EXTRACTED ENTRIES:
• • • • • • •

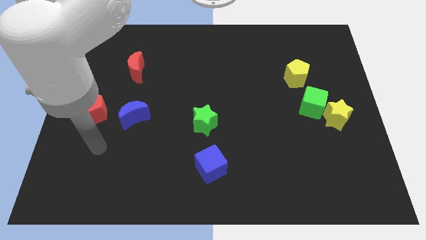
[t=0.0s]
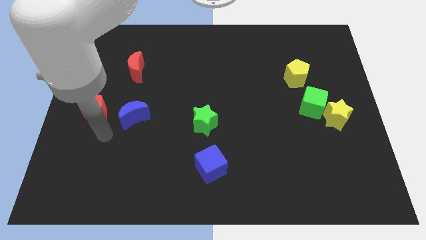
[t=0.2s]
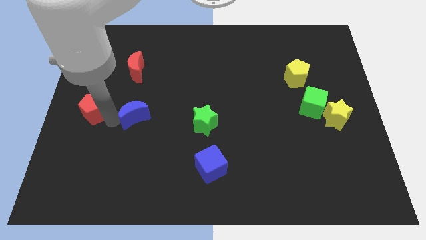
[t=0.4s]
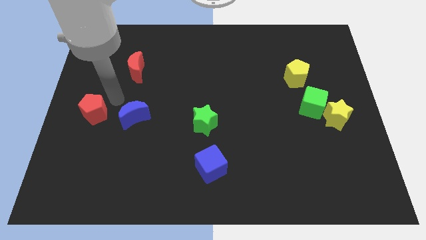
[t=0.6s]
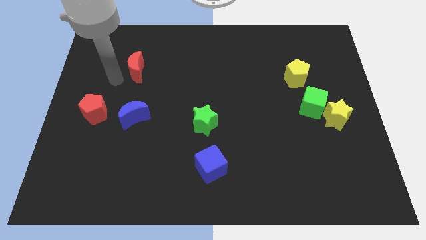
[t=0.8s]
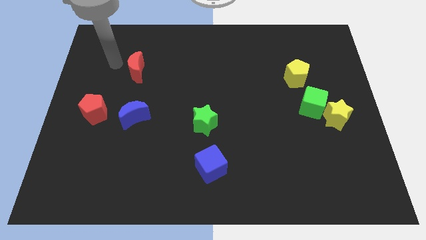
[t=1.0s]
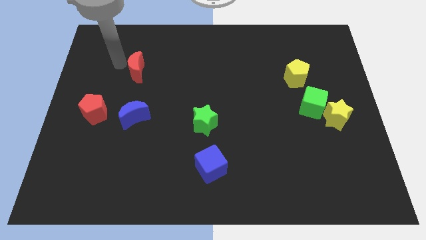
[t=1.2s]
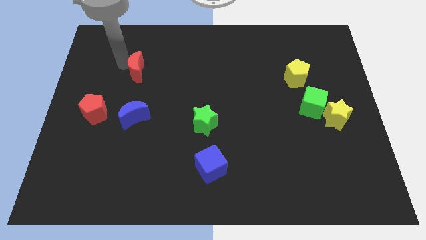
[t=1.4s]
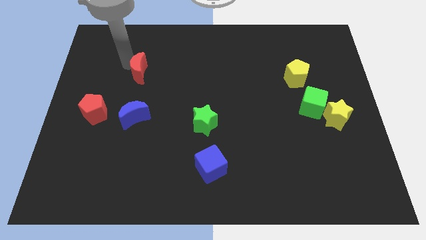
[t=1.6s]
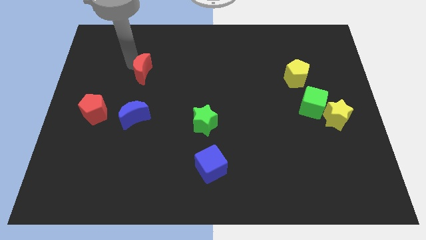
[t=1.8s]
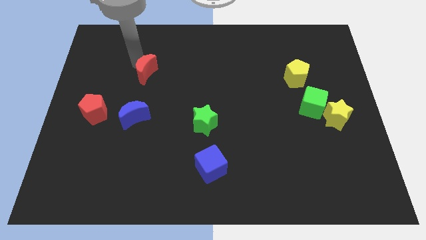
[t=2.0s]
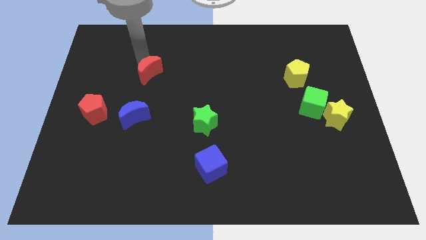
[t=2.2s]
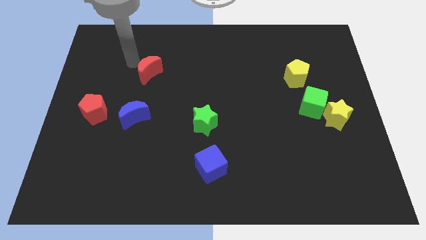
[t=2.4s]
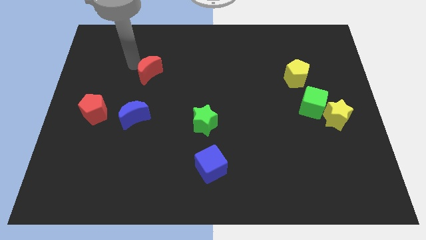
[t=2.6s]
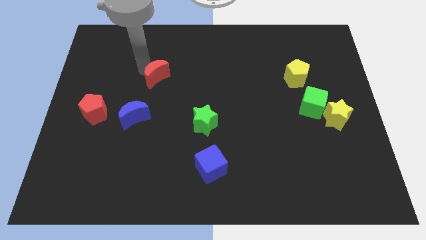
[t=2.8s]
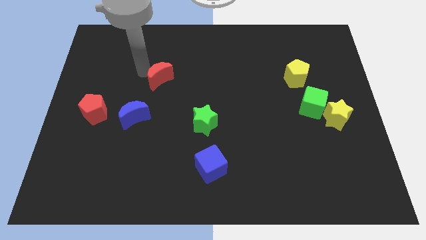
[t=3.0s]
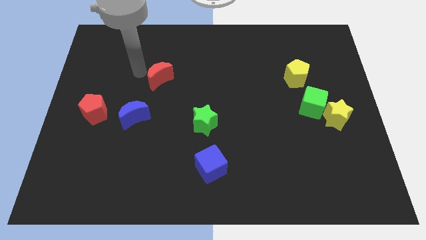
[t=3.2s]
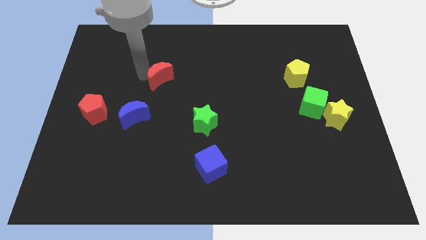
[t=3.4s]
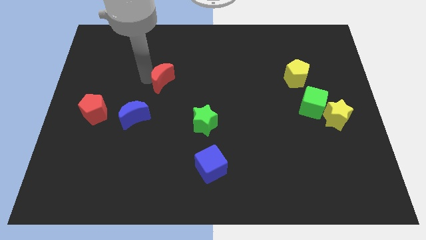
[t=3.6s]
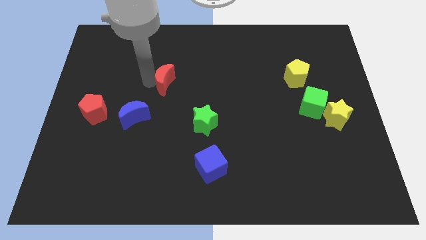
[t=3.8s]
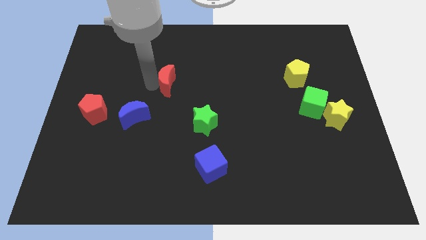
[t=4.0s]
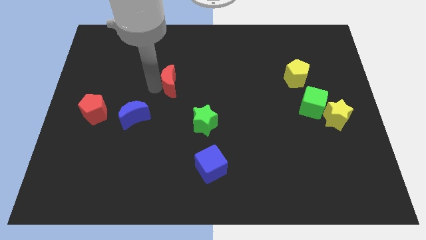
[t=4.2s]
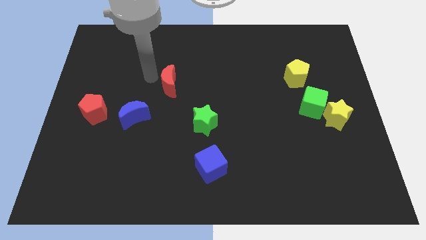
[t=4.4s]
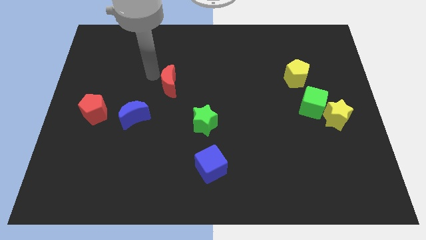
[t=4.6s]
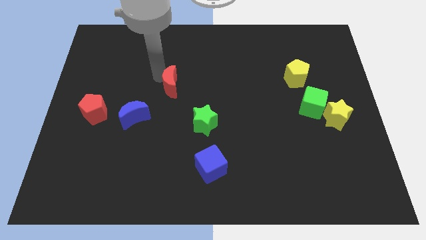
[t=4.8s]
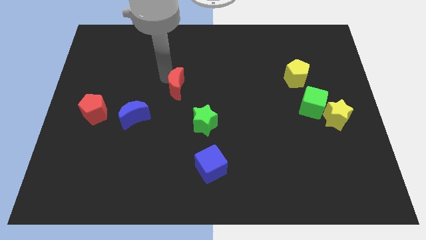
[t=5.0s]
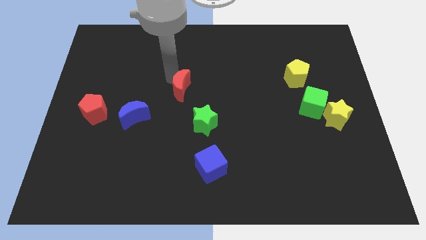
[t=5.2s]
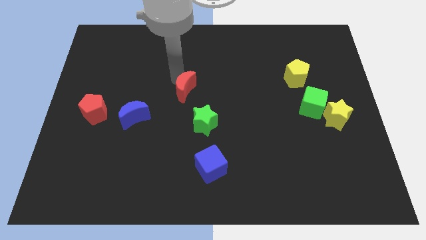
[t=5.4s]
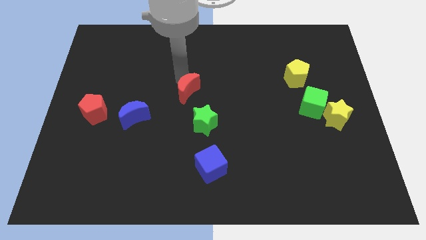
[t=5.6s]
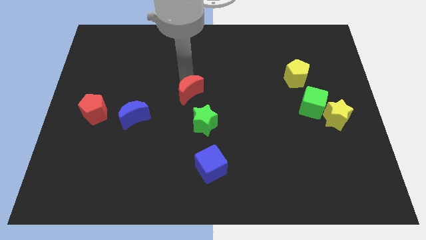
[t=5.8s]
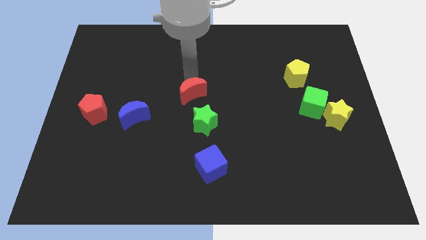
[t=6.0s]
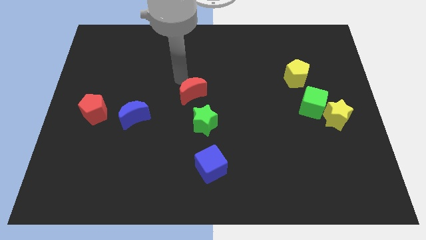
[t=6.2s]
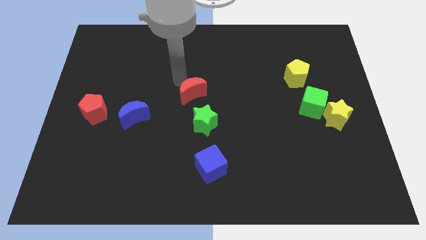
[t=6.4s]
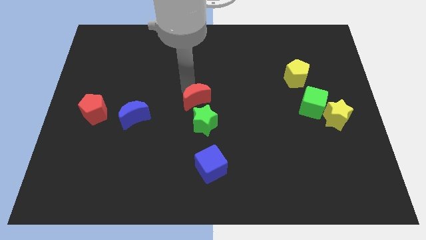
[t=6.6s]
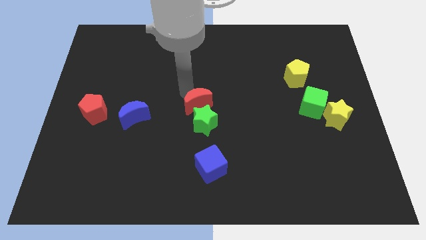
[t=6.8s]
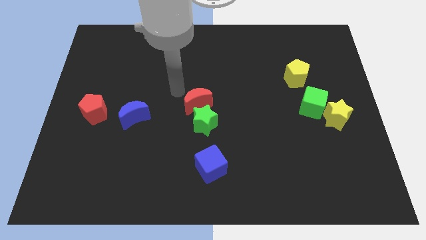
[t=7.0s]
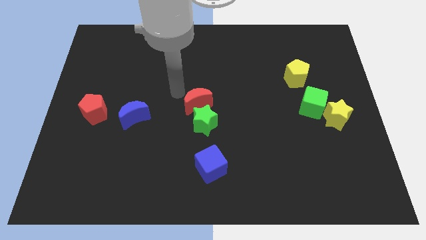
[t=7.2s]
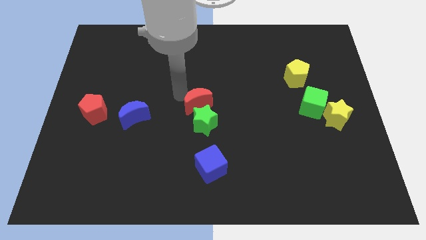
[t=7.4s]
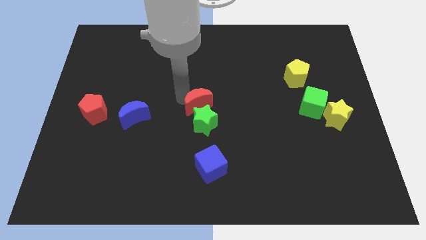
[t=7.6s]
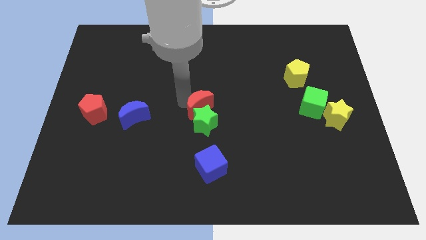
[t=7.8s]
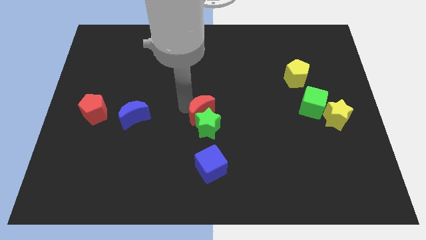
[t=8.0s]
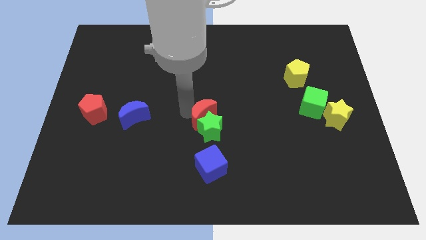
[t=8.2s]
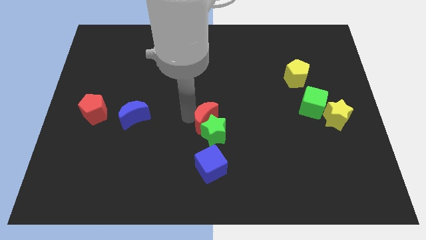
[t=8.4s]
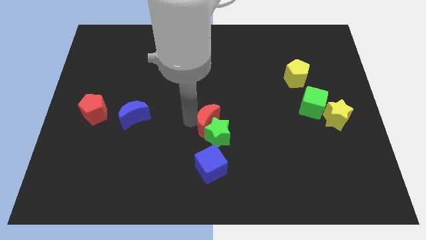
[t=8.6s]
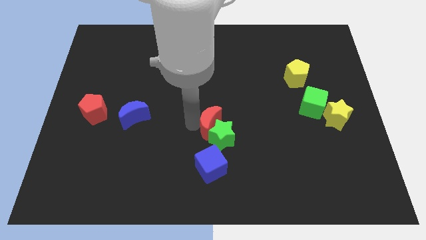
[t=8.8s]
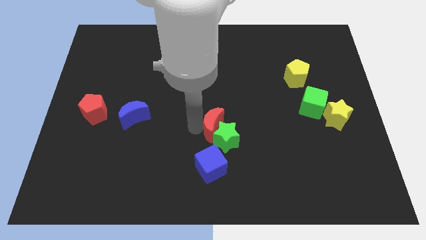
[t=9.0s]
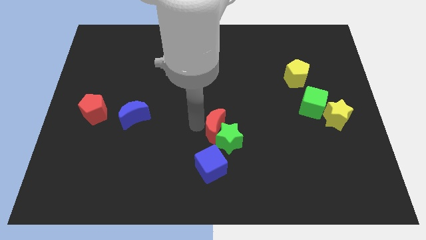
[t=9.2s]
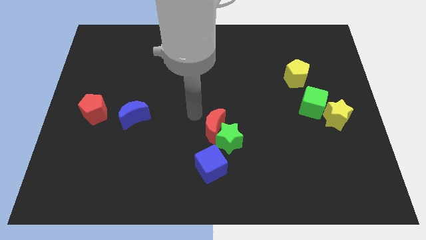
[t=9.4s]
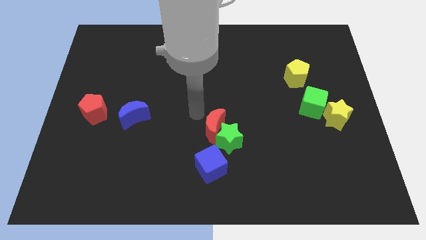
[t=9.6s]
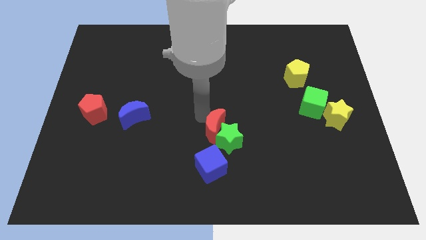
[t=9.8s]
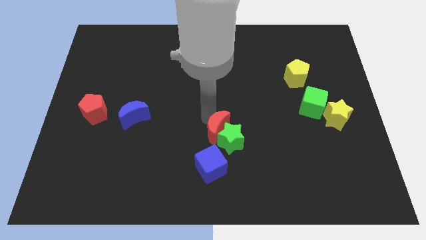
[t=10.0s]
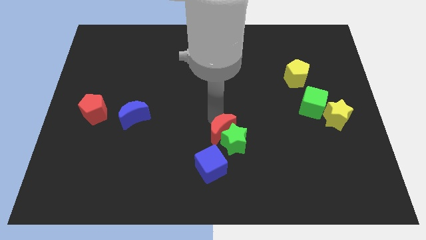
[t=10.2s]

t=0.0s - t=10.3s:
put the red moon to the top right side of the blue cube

• • • • • • •

ACTIVITY:
What you give back must match the material word for word, with no images included.

EXERCISE RESPONSE:
[t=0.0s]
[t=0.2s]
[t=0.4s]
[t=0.6s]
[t=0.8s]
[t=1.0s]
[t=1.2s]
[t=1.4s]
[t=1.6s]
[t=1.8s]
[t=2.0s]
[t=2.2s]
[t=2.4s]
[t=2.6s]
[t=2.8s]
[t=3.0s]
[t=3.2s]
[t=3.4s]
[t=3.6s]
[t=3.8s]
[t=4.0s]
[t=4.2s]
[t=4.4s]
[t=4.6s]
[t=4.8s]
[t=5.0s]
[t=5.2s]
[t=5.4s]
[t=5.6s]
[t=5.8s]
[t=6.0s]
[t=6.2s]
[t=6.4s]
[t=6.6s]
[t=6.8s]
[t=7.0s]
[t=7.2s]
[t=7.4s]
[t=7.6s]
[t=7.8s]
[t=8.0s]
[t=8.2s]
[t=8.4s]
[t=8.6s]
[t=8.8s]
[t=9.0s]
[t=9.2s]
[t=9.4s]
[t=9.6s]
[t=9.8s]
[t=10.0s]
[t=10.2s]

t=0.0s - t=10.3s:
put the red moon to the top right side of the blue cube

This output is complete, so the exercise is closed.